Mirroring cable in its heyday when a new week seemed to correlate with a new cable network, some question the future of the linear model. Then there is the concern in the multitude of choices in today’s streaming market. Will consumers, already potentially frustrated with juggling multiple subscriptions and associated rising cost, reach a breaking point?
Today, over 1,200 OTT services — the universally appealing ones, those in niches and everything in between — are available globally, according to Dan Rayburn, principal analyst, Frost & Sullivan. The estimated number in the United States hovers in the hundreds. Some are distributors, some are syndicators and others are content owners.
Apple TV+ and Disney+ launched this past November. Peacock, NBCUniversal’s entry into the stream arena, and Quibi, a short-form mobile video platform founded by Jeffrey Katzenberg, are coming this month. HBO Max, from WarnerMedia Entertainment, a division of AT&T’s WarnerMedia, is slated to debut in May.
BETTER USER EXPERIENCE
“Let me begin with what should be obvious … there is no streaming war. That is a term made up by the media,” said Rayburn. “Some people want depth of different categories of programming. Some people just want sports. Some people just want scripted programming. Some people may seek only news. It’s called choice, and it is a competition. Competition is good because it makes all these services want to provide a better user experience for consumers.”
Mark Donnigan, vice president of marketing at Beamr, sees a different “war” of sorts brewing. “I think this so-called ‘war’ is within the content producers, not the streamers,” he said. “It is amazing how much work, human effort, talent and specialized skill goes into making original content, whether it is episodic or film, even sports production. For them, right now, it is a great time to be in Hollywood. For the end-user, the depth of content being produced only accentuates the value of these new streamers.
“I remember when there was a concern that too much non-scripted programming would eventually replace scripted options,” he said. “So, shouldn’t the rising number of OTT platforms with more opportunities for all kinds of scripted content be welcomed? And didn’t the linear broadcasters survive the glut of new cable outlets way back when?”

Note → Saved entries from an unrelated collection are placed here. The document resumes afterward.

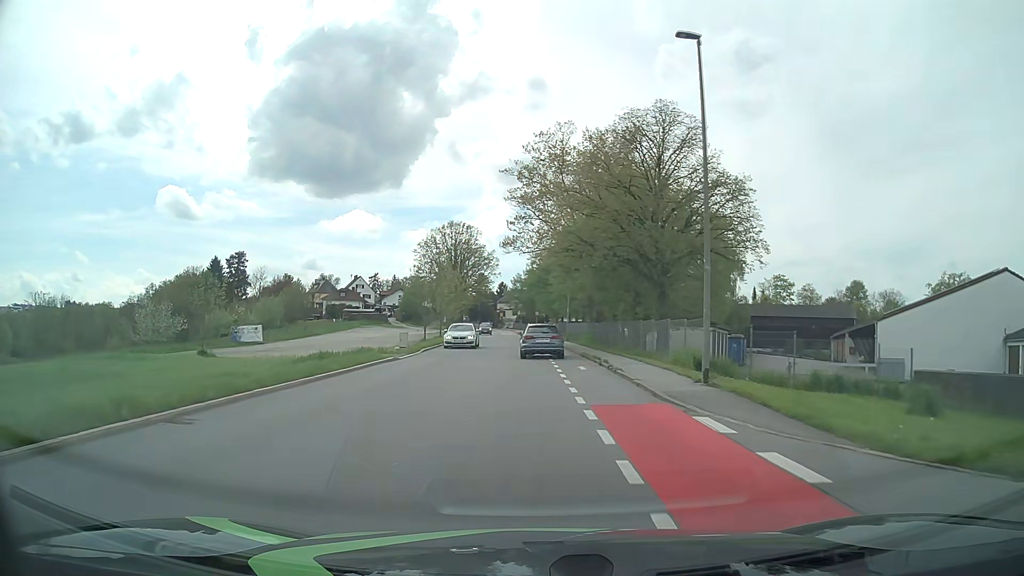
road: tertiary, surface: asphalt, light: Day
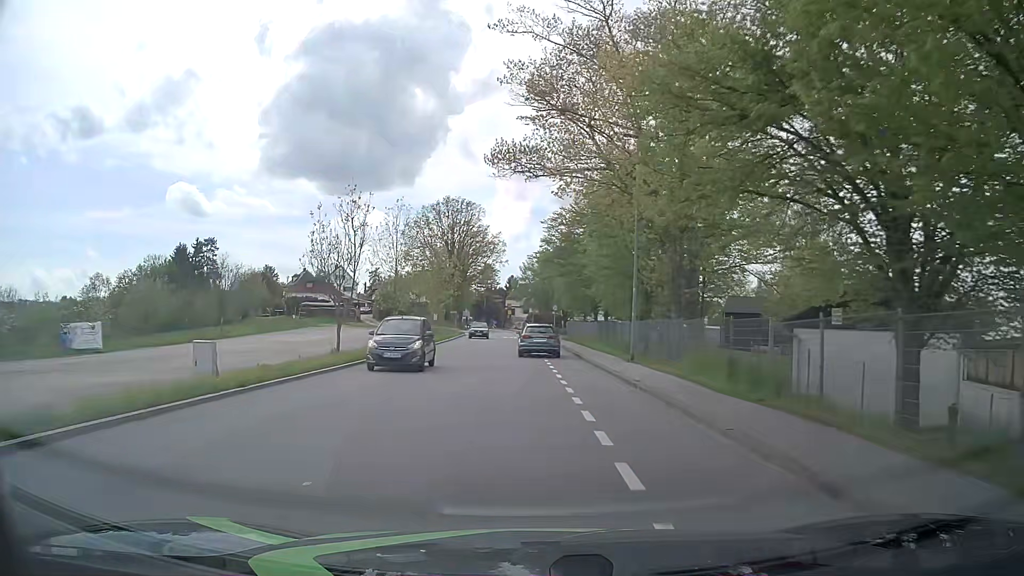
(-0.2, +30.3) m; -1°
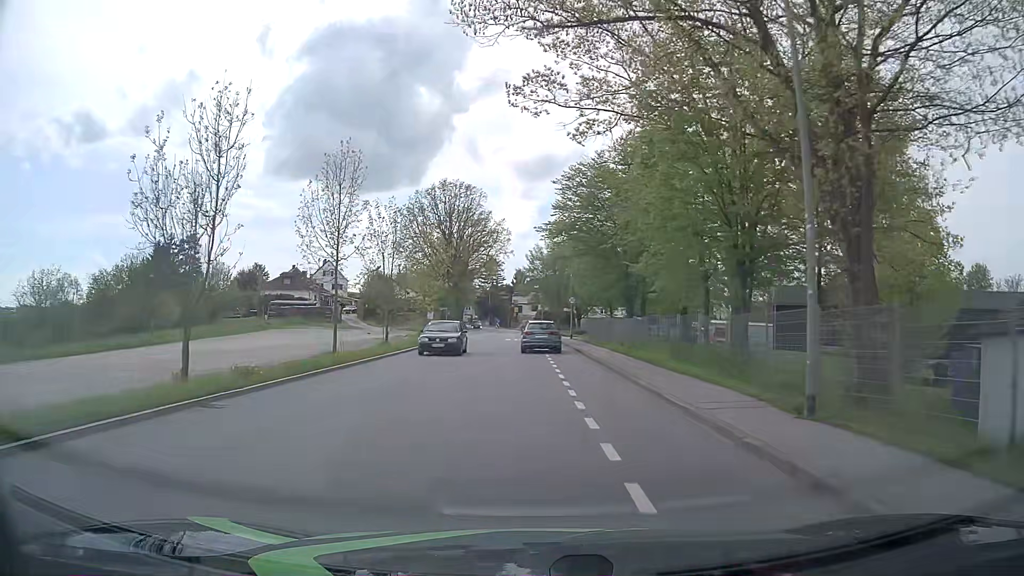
(-0.1, +14.8) m; -1°
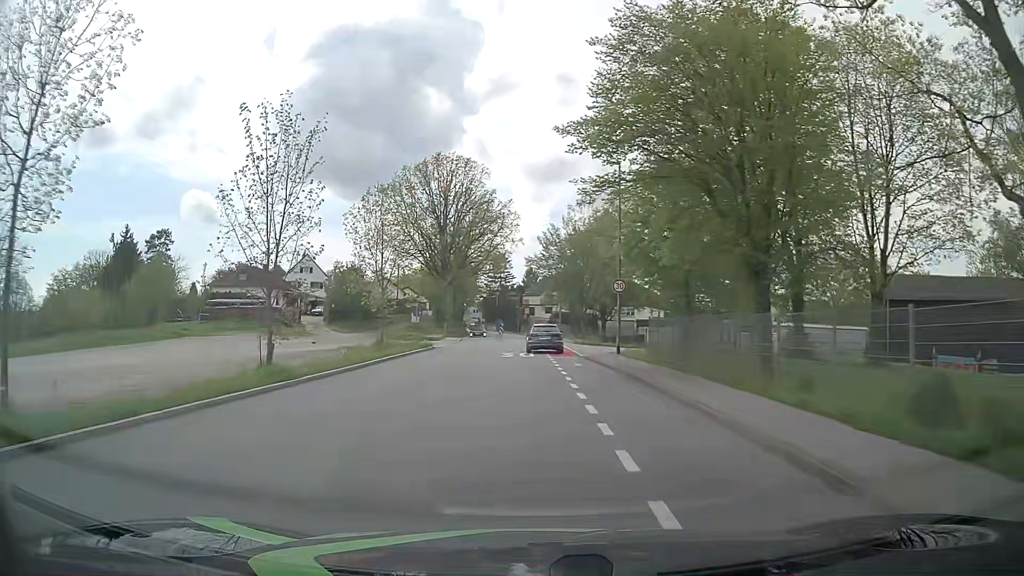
(0.0, +20.5) m; -1°
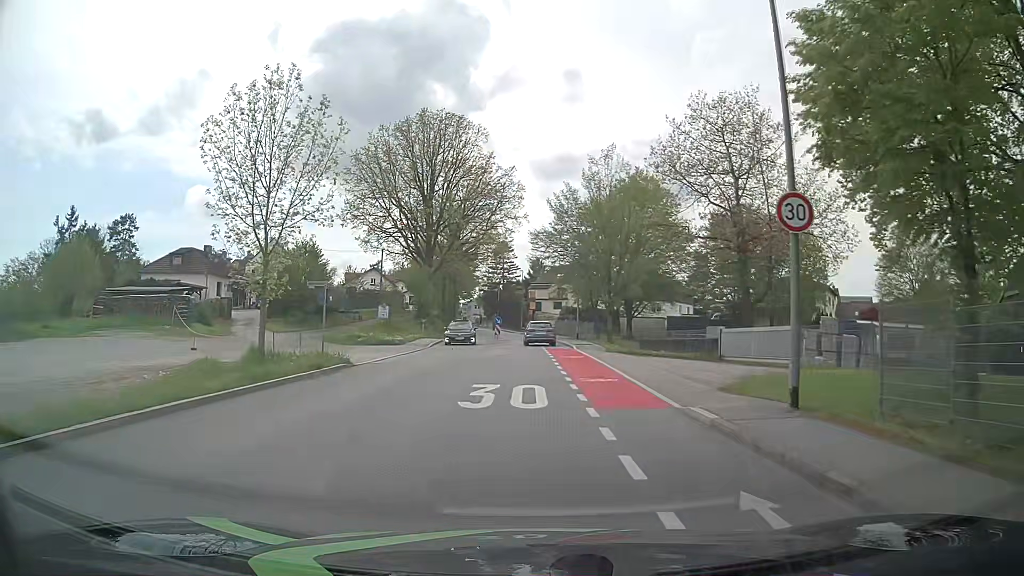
(+0.1, +18.2) m; 0°
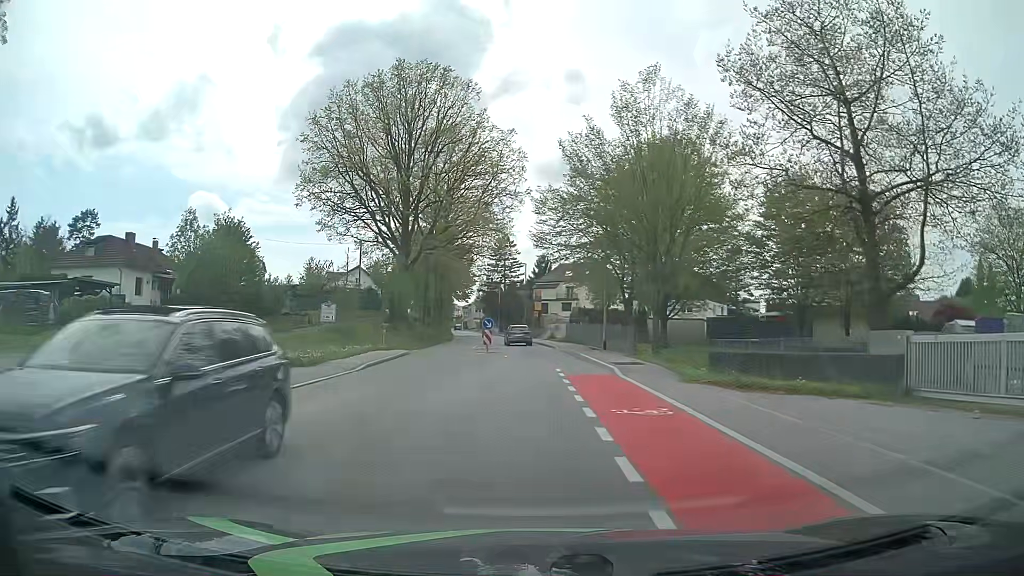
(+0.1, +15.9) m; -2°
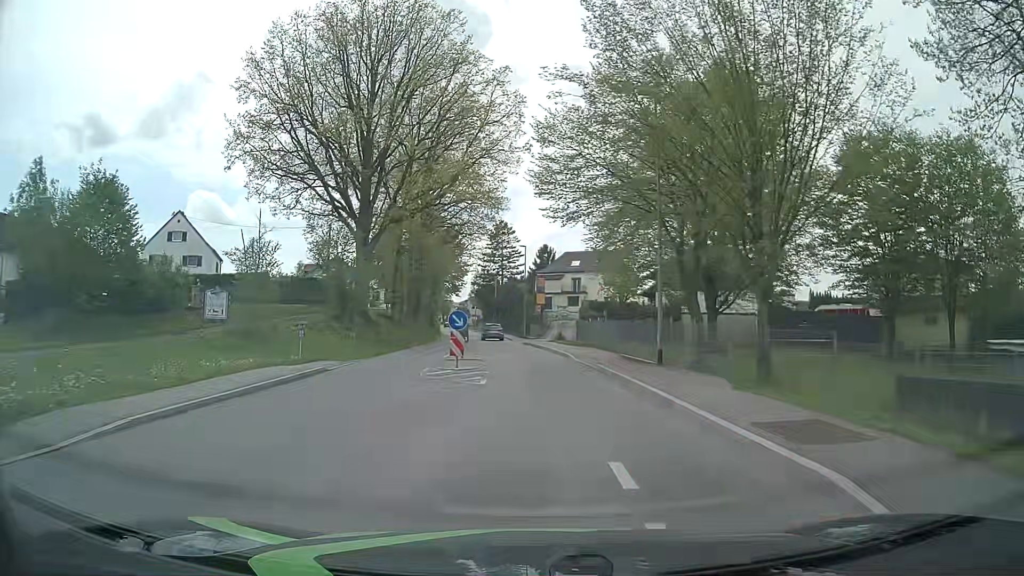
(+0.3, +14.4) m; +1°
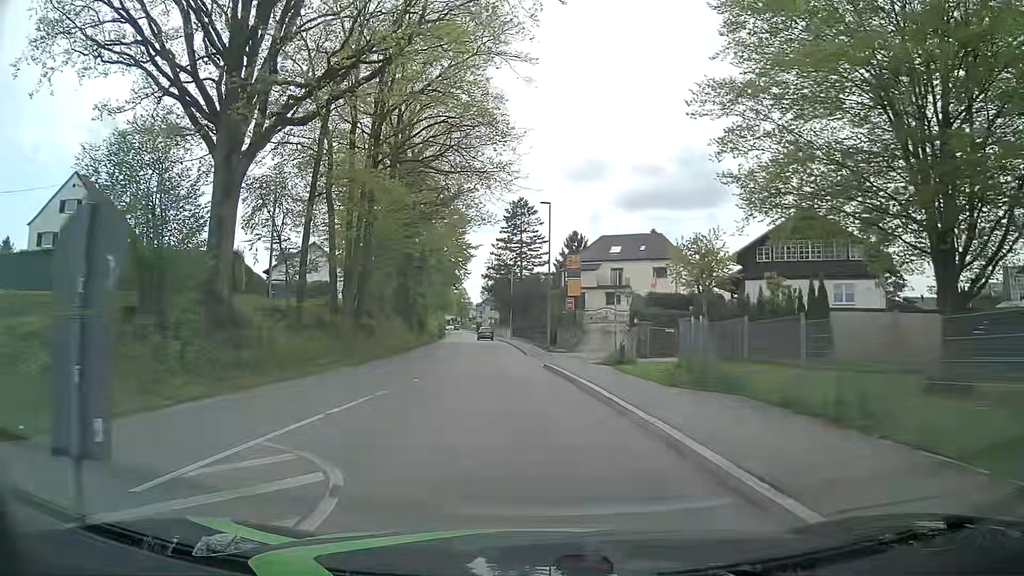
(-0.1, +22.8) m; -2°
(0, +10) (-1, +20) (-1, +30) (-2, +40) (-3, +50) (-3, +60) (-4, +70) (-5, +80) (-6, +90) (-8, +100) m

“A surprising development, and one that is just really notable,” said Jeff Gilbert, vice president of strategy, Qwilt, “is how the connected devices, and even the TV operating systems, have garnered a much greater share of viewership on streaming services than I think anyone expected.” Qwilt, a self-described “Uber,” offers new business models for content delivery. “A common initial thought was that everyone was going to watch the streaming services on their phones. But most of the volume they were seeing was on their Roku or their Apple TV, or whatever else, on a big screen. And this only accelerated the OTT content model and made it more viable.”
LINEAR IS NOT GOING AWAY
“Linear is still the place to go for live programming and for sports, and that is not going to change,” said Rayburn. “Major sports are still going to stay on traditional TV distribution because those are the platforms that have the money to pay for it. And while many are waiting for the digital bubble to burst, look at the caliber of the companies behind these services … Google, Amazon, Apple, AT&T, Disney and others. These are not companies that have to make the vast majority of their revenue from these services. These services are a complement to other products and services.”

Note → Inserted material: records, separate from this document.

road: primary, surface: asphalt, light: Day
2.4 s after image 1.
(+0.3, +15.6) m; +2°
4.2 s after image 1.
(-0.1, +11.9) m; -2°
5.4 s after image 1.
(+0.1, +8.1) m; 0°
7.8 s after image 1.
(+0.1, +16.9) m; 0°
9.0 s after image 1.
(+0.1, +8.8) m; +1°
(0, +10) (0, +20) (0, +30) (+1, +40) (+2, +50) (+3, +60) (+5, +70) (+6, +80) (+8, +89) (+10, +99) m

“I think there is more drama over mechanism of delivery than there should be,” said Gilbert. “At the end of the day, I think people want to simply see stuff. What might be challenging for the end-user is going from getting the same suite of channels, whether they subscribed to Dish, DirecTV or Comcast, or whoever, to this new era of figuring out what each service offers content-wise. Streaming services have placed the burden of content search much more on the end user,” he said. “Maybe that is sort of where this ‘war’ is going on.”